### [MATERIAL PROVIDED]
- - - - - - -
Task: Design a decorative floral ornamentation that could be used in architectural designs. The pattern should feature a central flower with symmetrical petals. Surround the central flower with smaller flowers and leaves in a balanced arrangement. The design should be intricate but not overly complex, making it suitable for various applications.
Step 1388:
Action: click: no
- - - - - - -
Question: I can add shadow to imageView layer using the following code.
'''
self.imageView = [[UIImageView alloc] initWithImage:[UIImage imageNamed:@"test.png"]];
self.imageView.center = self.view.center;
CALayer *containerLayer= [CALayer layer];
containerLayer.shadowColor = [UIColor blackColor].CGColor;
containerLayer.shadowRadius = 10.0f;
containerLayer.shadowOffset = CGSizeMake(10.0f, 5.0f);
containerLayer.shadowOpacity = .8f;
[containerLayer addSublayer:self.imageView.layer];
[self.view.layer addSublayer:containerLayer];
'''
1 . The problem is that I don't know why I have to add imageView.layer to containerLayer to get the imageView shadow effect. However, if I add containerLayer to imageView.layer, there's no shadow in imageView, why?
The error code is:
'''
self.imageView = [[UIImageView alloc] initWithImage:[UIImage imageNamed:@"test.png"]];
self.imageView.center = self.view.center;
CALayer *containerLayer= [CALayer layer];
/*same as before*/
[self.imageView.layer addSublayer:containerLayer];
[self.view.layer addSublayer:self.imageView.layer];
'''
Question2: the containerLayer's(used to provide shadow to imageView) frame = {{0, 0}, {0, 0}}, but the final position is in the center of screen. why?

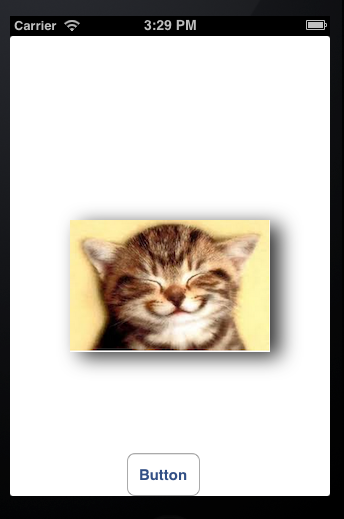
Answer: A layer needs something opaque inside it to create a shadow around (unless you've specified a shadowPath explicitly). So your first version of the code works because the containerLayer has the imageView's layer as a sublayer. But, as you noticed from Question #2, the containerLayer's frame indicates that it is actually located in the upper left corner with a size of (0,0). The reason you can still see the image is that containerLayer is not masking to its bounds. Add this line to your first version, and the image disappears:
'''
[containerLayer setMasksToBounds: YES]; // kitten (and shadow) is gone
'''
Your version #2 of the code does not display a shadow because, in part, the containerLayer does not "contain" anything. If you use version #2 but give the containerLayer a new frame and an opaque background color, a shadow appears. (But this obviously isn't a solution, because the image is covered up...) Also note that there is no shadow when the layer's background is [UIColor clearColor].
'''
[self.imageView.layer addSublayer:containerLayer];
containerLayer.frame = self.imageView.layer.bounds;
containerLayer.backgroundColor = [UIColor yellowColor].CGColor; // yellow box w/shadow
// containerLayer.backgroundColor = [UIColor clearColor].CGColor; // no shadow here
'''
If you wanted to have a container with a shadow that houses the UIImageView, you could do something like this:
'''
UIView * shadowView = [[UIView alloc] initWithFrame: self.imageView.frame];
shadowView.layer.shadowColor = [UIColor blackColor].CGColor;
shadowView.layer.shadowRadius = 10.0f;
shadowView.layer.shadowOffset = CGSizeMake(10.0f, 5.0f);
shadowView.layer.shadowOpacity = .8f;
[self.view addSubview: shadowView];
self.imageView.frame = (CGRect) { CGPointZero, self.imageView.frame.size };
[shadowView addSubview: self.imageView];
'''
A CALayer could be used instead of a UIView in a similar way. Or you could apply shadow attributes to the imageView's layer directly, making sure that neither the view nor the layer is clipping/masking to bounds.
- - - - - - -
### [ABOUT THIS TASK]
Copy out, word for word, the part of the entries above that begins at the line with "Task: Design a" and ends at the line with "Action: click: no", including both.

### [RESULT BELOW]
Task: Design a decorative floral ornamentation that could be used in architectural designs. The pattern should feature a central flower with symmetrical petals. Surround the central flower with smaller flowers and leaves in a balanced arrangement. The design should be intricate but not overly complex, making it suitable for various applications.
Step 1388:
Action: click: no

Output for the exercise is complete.